PROVIDED MATERIAL Block Start

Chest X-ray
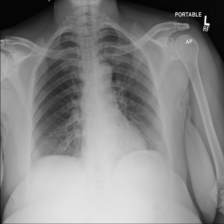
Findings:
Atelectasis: negative
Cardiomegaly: negative
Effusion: negative
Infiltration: negative
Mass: negative
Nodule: negative
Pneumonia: negative
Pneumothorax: negative
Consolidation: negative
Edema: negative
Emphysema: negative
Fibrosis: negative
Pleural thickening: negative
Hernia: negative
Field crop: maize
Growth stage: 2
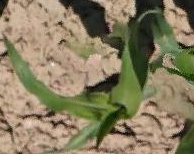
Species: maize
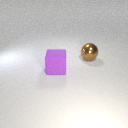
large brown metal sphere to the right of large purple rubber cube
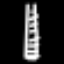
Label: pencil

PROVIDED MATERIAL Block End

**WHAT NEEDS TO BE DONE:** When you repeat the material, keep every word exact and drop the pictures.

**ANSWER AREA:**
Chest X-ray
Findings:
Atelectasis: negative
Cardiomegaly: negative
Effusion: negative
Infiltration: negative
Mass: negative
Nodule: negative
Pneumonia: negative
Pneumothorax: negative
Consolidation: negative
Edema: negative
Emphysema: negative
Fibrosis: negative
Pleural thickening: negative
Hernia: negative
Field crop: maize
Growth stage: 2
Species: maize
large brown metal sphere to the right of large purple rubber cube
Label: pencil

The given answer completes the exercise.